HL: Are you willing to share the returns you've experienced on your investments?

Thornton: We've made 14 investments in approximately 22 months. I can't mention our actual return, but the big one that everyone knows about is our investment in Avizia that was acquired by American Well recently. While we don't talk about our returns publicly, we did get a good return. We're pleased with the relationship that company now has with American Well, and we're excited about the prospects of their model going forward.

HL: You're very selective in your investments. Tell me about the art of saying, "No."

Thornton: We sit with our senior leadership team at the beginning of every year and ask, "What should we be investing or not investing in this year?" I'm not even sure the big corporates do that. It changes year to year, but it's allowed us to rationally address the things that move the needle internally. It allows us to be more cost effective.

I now can say to a company, "Hey, I think you're doing amazing things. I'd love to be in on your deal if I were a financial investor, but it's not strategic to us at this point." I will be nice, listen politely, and I'll refer them on to someone else, but if it's not a good fit for us, we're done. And I think people really respect that.

HL: Anything you want to close with?

Thornton: There's one more mega trend I'd like to mention. Four or five years ago, people thought that digital health stuff was just hooey. There wasn't a lot of data beyond EMRs. There wasn't a lot of adoption, and yet digital disruption just didn't go away. It kept coming.

I think that it's now widely recognized by virtually every leader in healthcare that what's changed over the past few years is that the data have become a lot clearer. You almost have to back out of it and say, "What happened? Where did they get the data?" They got it from us, the big providers.

What's amazing is that, companies like us, UPMC, Cleveland Clinic, Providence, Ascension—big organizations that have done this for a while—I think they were the ones that said, "There's something going on out there. I'm not sure what it is, but I better figure this out." They were the ones that entered into these, at first, tentative relationships with these companies.

What's so stunning is that we've turned the corner on digital health. What's driving that even more now is this whole consumerism of care.

Unbeknownst to the rest of healthcare, venturing arms at big health systems quietly got formed, quietly started interacting with these companies, quietly started aggregating data, and these companies quietly became successes.

The root cause is these venturing arms.
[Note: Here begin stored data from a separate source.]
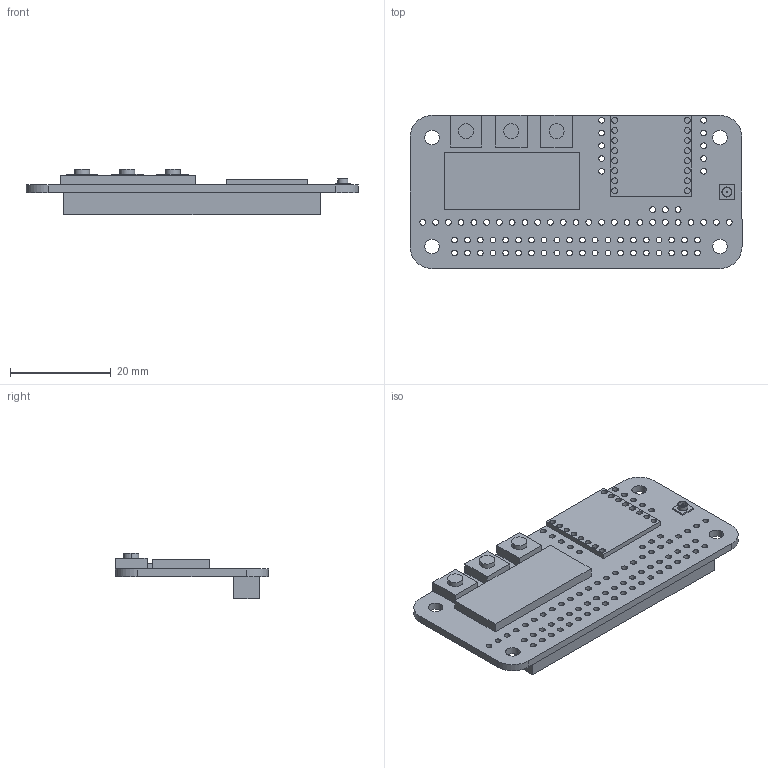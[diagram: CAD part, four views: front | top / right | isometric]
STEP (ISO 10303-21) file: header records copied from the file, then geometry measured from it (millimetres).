
FILE_DESCRIPTION (( 'STEP AP214' ), '1' );
FILE_NAME ('adafruit_radio_bonnet.STEP', '2023-03-17T06:08:02', ( '' ), ( '' ), 'SwSTEP 2.0', 'SolidWorks 2021', '' );
FILE_SCHEMA (( 'AUTOMOTIVE_DESIGN' ));
Length unit declared in the file: millimetre
Products named in the file (7): adafruit_rfm69_antenna; adafruit_rfm69_lcd; adafruit_radio; adafruit_rfm69_chip; adafruit_rfm69_socket; adafruit_rfm69_boton; adafruit_radio_bonnet
Assembly tree (8 placements, depth 2):
  adafruit_radio_bonnet
    adafruit_radio
    adafruit_rfm69_antenna
    adafruit_rfm69_boton  x3
    adafruit_rfm69_lcd
    adafruit_rfm69_chip
    adafruit_rfm69_socket
Bounding box: 66.04 x 30.48 x 9 mm (x, y, z)
Volume: 4881.6 mm3; surface area: 7914.6 mm2
Topology: 8 solids, 8 shells, 346 faces, 972 edges, 648 vertices
Faces by surface type: cylinder 292, plane 54
Entity records: 11890 total; most frequent: DIRECTION 2190, CARTESIAN_POINT 1899, ORIENTED_EDGE 1872, EDGE_CURVE 936, AXIS2_PLACEMENT_3D 915, VERTEX_POINT 624, EDGE_LOOP 608, CIRCLE 576
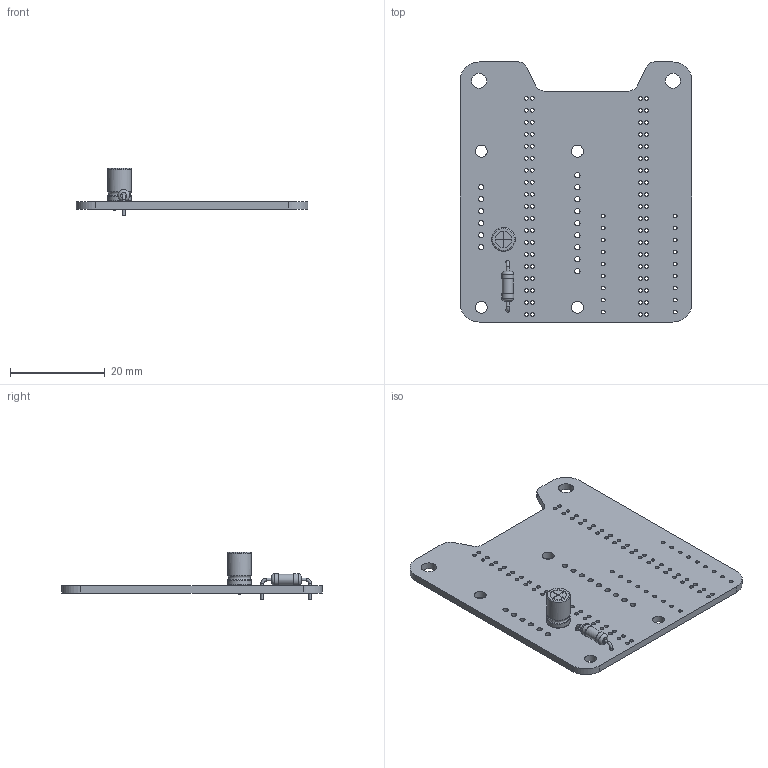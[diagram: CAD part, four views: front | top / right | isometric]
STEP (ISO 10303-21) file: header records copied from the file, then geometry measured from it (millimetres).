
FILE_DESCRIPTION(('KiCad electronic assembly'),'2;1');
FILE_NAME('sandwichCircuit.step','2026-02-19T18:38:47',('Pcbnew'),( 'Kicad'),'Open CASCADE STEP processor 7.8','KiCad to STEP converter' ,'Unknown');
FILE_SCHEMA(('AUTOMOTIVE_DESIGN { 1 0 10303 214 1 1 1 1 }'));
Length unit declared in the file: millimetre
Products named in the file (4): sandwichCircuit 1; C_Radial_D5.0mm_H7.0mm_P2.00mm; R_Axial_DIN0207_L6.3mm_D2.5mm_P10.16mm_Horizontal; sandwichCircuit_PCB
Assembly tree (3 placements, depth 2):
  sandwichCircuit 1
    C_Radial_D5.0mm_H7.0mm_P2.00mm
    R_Axial_DIN0207_L6.3mm_D2.5mm_P10.16mm_Horizontal
    sandwichCircuit_PCB
Bounding box: 49 x 55 x 10 mm (x, y, z)
Volume: 3843 mm3; surface area: 5970.4 mm2
Topology: 3 solids, 4 shells, 186 faces, 500 edges, 330 vertices
Faces by surface type: cylinder 141, plane 36, torus 5, revolution 2, bspline 2
Full cylindrical faces by diameter (mm): 0.4 x2, 0.6 x6, 0.8 x96, 1.11 x15, 2.25 x1, 2.5 x2, 2.54 x4, 3.2 x2, 3.5 x3, 5 x2
Entity records: 6996 total; most frequent: DIRECTION 1173, CARTESIAN_POINT 1160, ORIENTED_EDGE 1000, EDGE_CURVE 500, AXIS2_PLACEMENT_3D 489, FACE_BOUND 432, EDGE_LOOP 432, VERTEX_POINT 330

They are structured ways for health systems to interact with these companies. They did so in some cases because they thought they were good investments, in other cases they did it just to make sure they weren't missing something. These venturing arms are the tip of the spear for driving the Triple Aim.

“These venturing arms are the tip of the spear for driving the Triple Aim.”

Mandy Roth is the innovations editor at HealthLeaders.


Because health systems share similar strategies, they make ideal investment partners.

Northwell requires co-investors and is bringing deals to other health systems.

Innovation investments may be new to health systems, but not to corporate America, which provides operating models to emulate.

Early health system venturing arms helped digital health companies turn the corner.